Моё наследство - страница 5



Но двести тысяч евро! Это не хухры-мухры.

Мама потёрла виски пухлыми пальцами.

– Надо позвонить отцу. Пусть он думает.


Отец скептически выслушал наши с мамой восторженные предположения по трате денег.

– Почему он собирается купить квартиру, которую сам помог купить ей? Катя не захотела отдать её ему. Не нравится мне это. Вы Григорию пока ответ не давайте, посмотрим, что получится.

Может быть папа прав. Я лично оказалась в растерянности. Вообще-то я часто бываю в растерянности, но у меня есть родители и они решают за меня всё. Почти всё – шампунь и зубную пасту я покупаю сама.

Мама решила послушаться бывшего мужа, и посоветовала сегодня отключить в Катиной квартире телефон, чтобы Григорий не смог уговорить меня получить деньги завтра же.

Пока я укладывала в свой голубой «БМВ» ящики с вещами, мама позвонила папе и опять завела свою бесконечную песню об экономии. Она предложила нам обеим переехать в Катину квартиру, а «хрущёвку» сдавать. Или, наоборот – сдавать Катину квартиру, за неё больше бы дали.

Папа выслушал маму, как всегда спокойно, только уточнил:

– Нина, в квартире Кати обстановка тысяч на триста евро, не считая картин. Ты кого собралась туда пускать? – Мама нервно гладила крохотную Стерву и не отвечала. – Ты не сердись, но дай ребёнку впервые в жизни пожить самостоятельно.

– Вот этого я и боюсь. – Ответила мама.


Думаю, маме тяжело смириться с тем, что дочь, всю жизнь сидевшая на шее родителей, внезапно стала обеспеченным человеком. А это действительно так. Даже когда мама устроила меня завхозом в заводоуправление, я получала мизерную зарплату. И вдруг, ни за что, на меня свалилось наследство, да ещё от Кати, которую мама не уважала.

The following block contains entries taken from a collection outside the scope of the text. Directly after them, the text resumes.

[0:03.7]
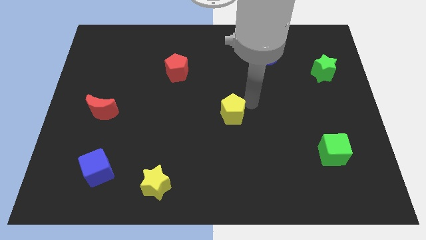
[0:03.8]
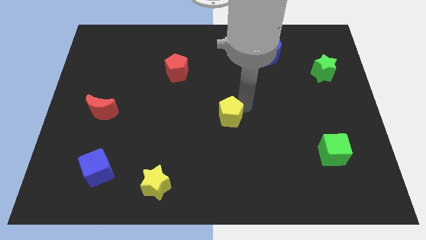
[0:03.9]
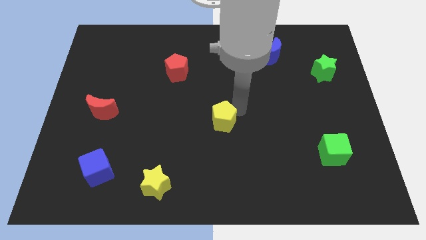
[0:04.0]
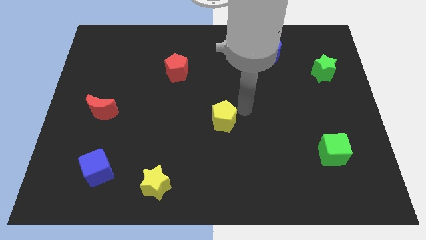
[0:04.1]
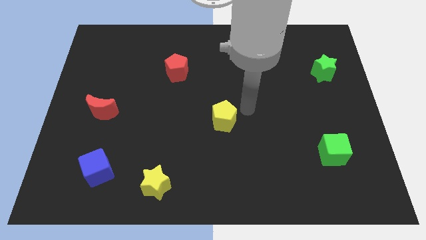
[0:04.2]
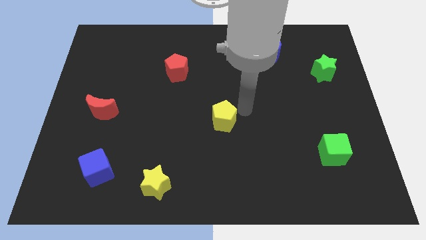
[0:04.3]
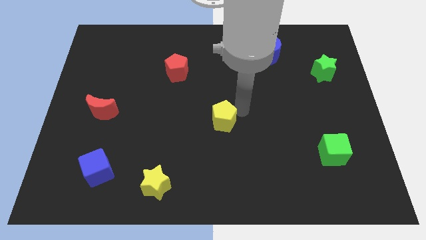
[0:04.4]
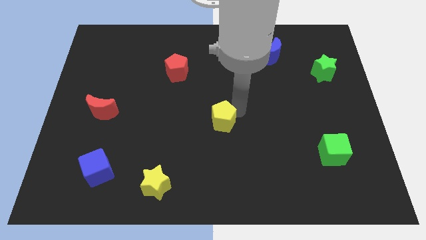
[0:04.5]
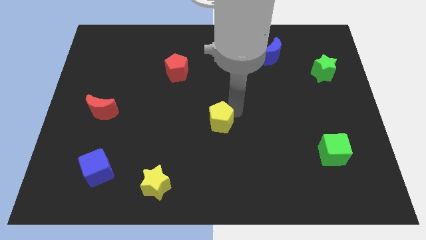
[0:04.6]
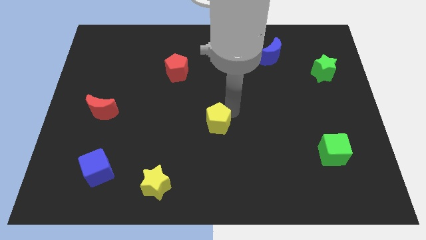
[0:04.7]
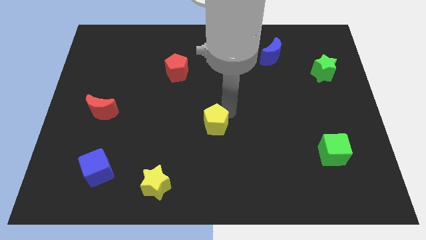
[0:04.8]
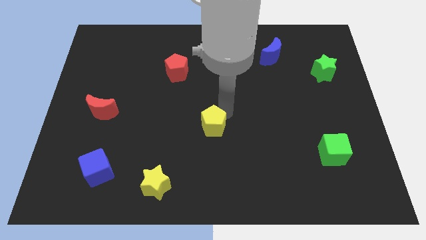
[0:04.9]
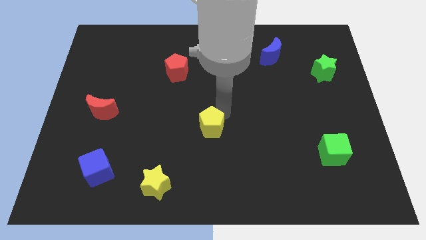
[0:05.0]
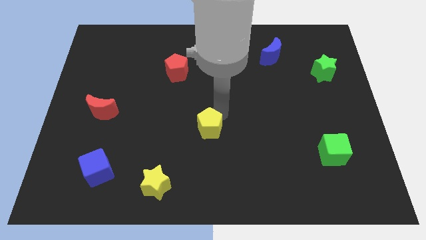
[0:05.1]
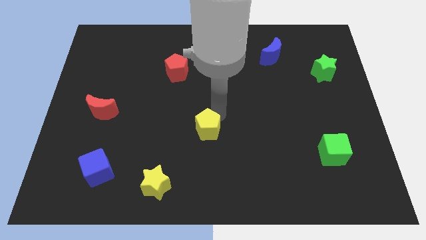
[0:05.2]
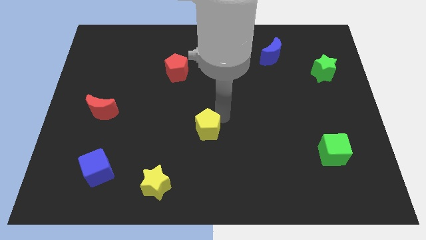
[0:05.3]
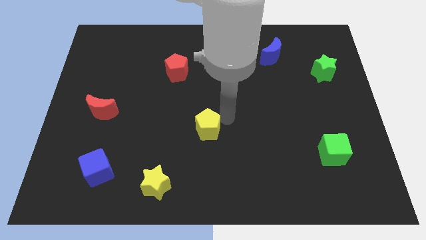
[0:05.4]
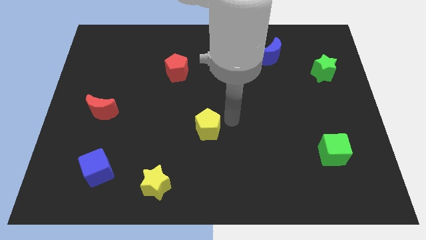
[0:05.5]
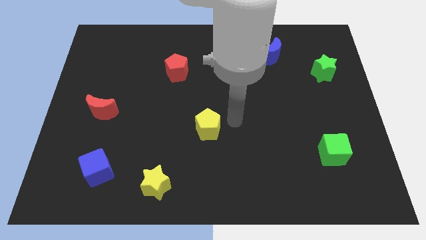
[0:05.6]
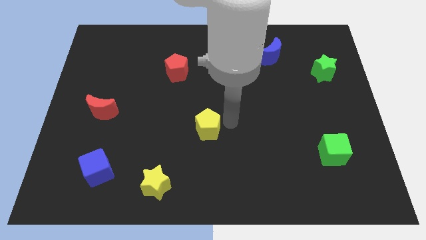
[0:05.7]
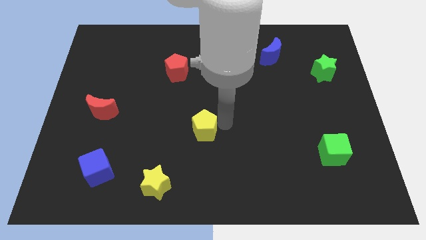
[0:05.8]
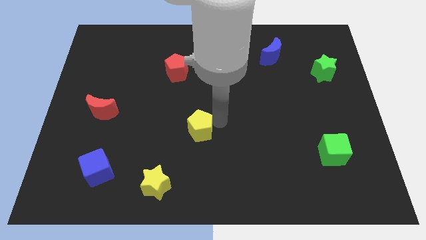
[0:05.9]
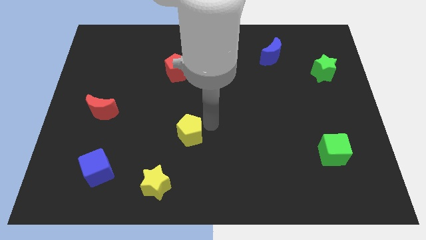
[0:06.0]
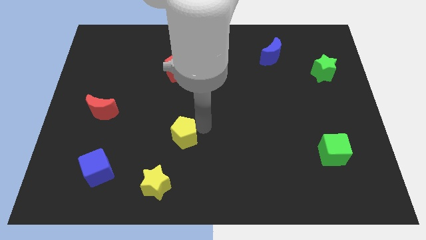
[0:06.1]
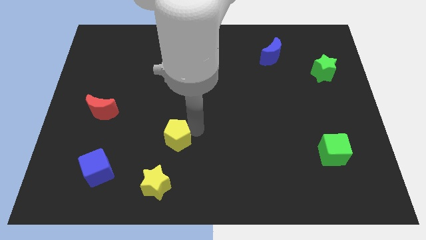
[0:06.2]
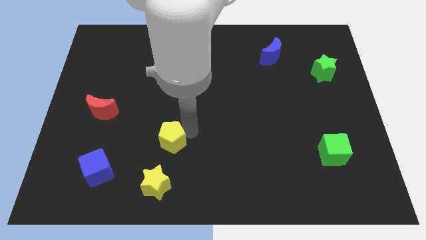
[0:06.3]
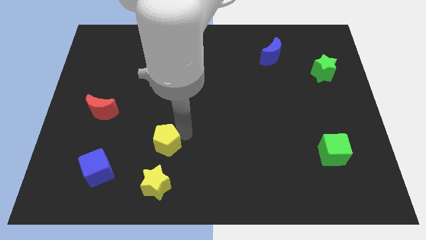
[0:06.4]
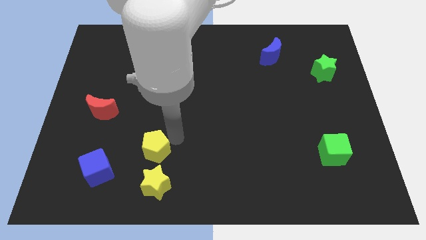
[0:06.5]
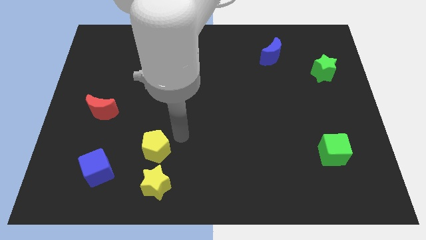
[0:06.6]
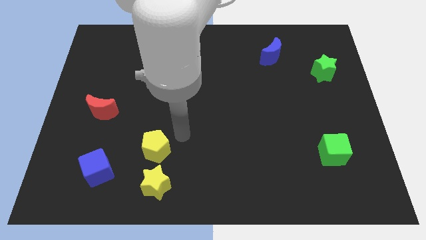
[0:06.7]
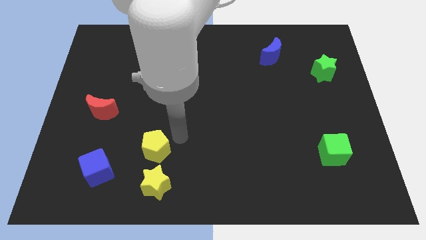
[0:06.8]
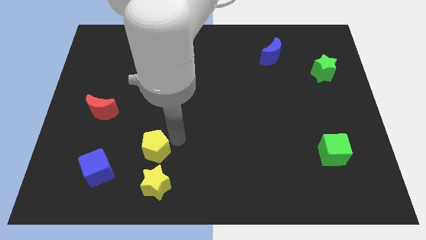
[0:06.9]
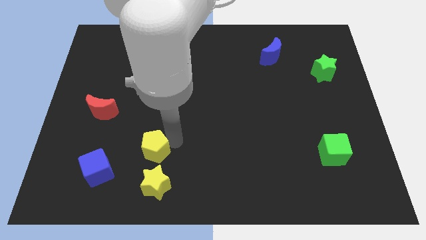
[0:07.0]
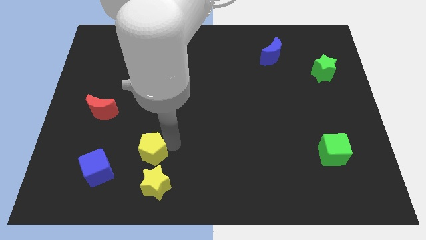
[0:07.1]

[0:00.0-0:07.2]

В тётиной квартире я оставила всё без изменений. Не с моим инженерно-строительным образованием менять то, что сделала женщина с великолепным художественным вкусом. Только сожгла коврик из коридора, на котором умерла Катя. Вынесла его на отгороженную помойку за домом и подожгла.

Как рассказал Аркадий, соратник тёти по производству художественных ценностей, в тот злополучный вечер у Кати происходил очередной богемный сабантуйчик. Все здорово упились и обкурились, а Катя ещё и вкололась. В два часа ночи Катя решила повторить дозу. Она ушла на кухню и, по врождённой жадности, вколола себе не дозу, а полторы. Или она забыла, что сегодня уже приняла норму, или по пьянке решила, что проскочит…

Когда после укола ей стало плохо, она смогла доползти с кухни до прихожей, и вышедшему к ней Аркадию сказала: «Перебрала, дура». Вызвали «скорую», но уже было поздно. «Скорая» вызвала полицию. С Катей остался только Аркадий. Остальные, откупившись от медиков и полиции, уехали домой.

В гостиной у Кати висели работы Натальи Гончаровой, Алексанлра Куприна, Аристарха Лентулова и две неоконченные картины Кузьмы Петрова-Водкина. Свои картины Катя не любила, называла их открытками.

Не знаю, почему одна картина висит над столом директора продовольственного магазина, и стоит тысячу рублей, а другая радует глаз в музее и стоит в районе миллиона. У меня свой критерий для оценки картин – нравится, не нравится. Кузьма Сергеевич Петров-Водкин мне нравится. Даже не дорисованный, в эскизе.


Я с удовольствием ночевала одна в подаренной квартире, но сегодня настроение было такое… тревожное, что ли? Мне хотелось увидеть Милу, мою подругу, но она соглашалась приехать в гости только вместе с воздыхателем Шуриком, – а точнее, с Шуриком, по которому вздыхала именно она. А Шурик, любитель шумных компаний, обязательно притащит за собой ещё кого-нибудь, например, приятеля Леонида. Шурику стоит поддаться один раз, и приличные апартаменты превратятся в караван-сарай, не отмываемый никаким «Доместосом».